----- EXERCISE DATA -----

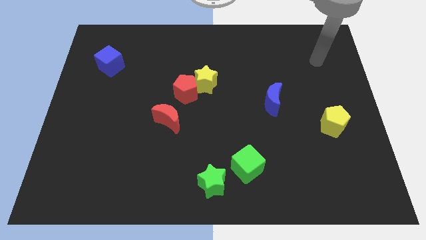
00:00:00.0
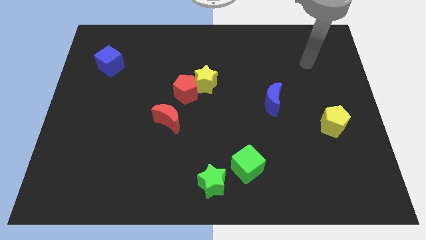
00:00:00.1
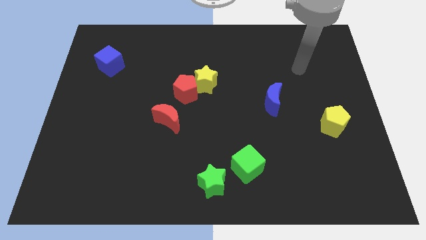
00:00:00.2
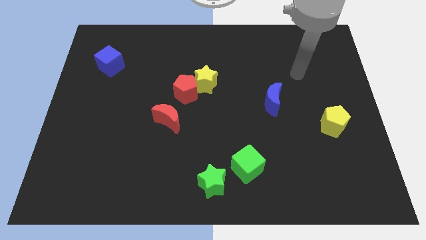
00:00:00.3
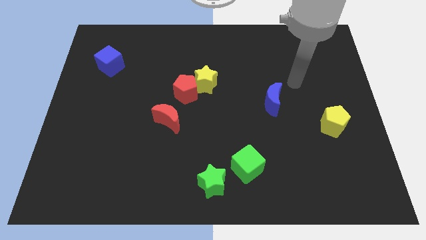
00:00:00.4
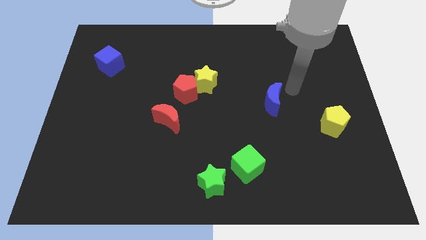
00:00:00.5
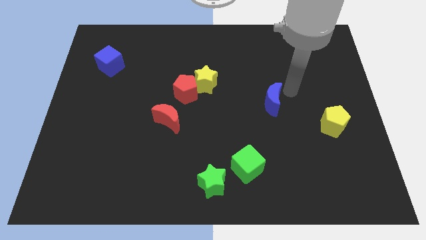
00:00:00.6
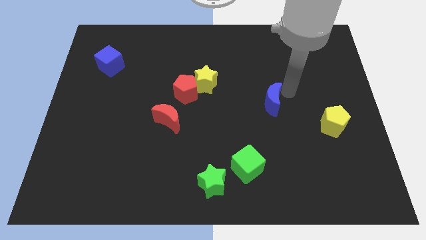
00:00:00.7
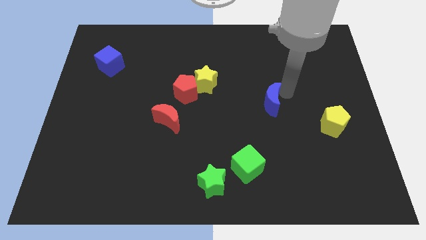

-----

### WHAT YOU NEED TO DO
Your copy must hold every record above in its exact wording and must hold no pictures.

### TASK SOLUTION
00:00:00.0
00:00:00.1
00:00:00.2
00:00:00.3
00:00:00.4
00:00:00.5
00:00:00.6
00:00:00.7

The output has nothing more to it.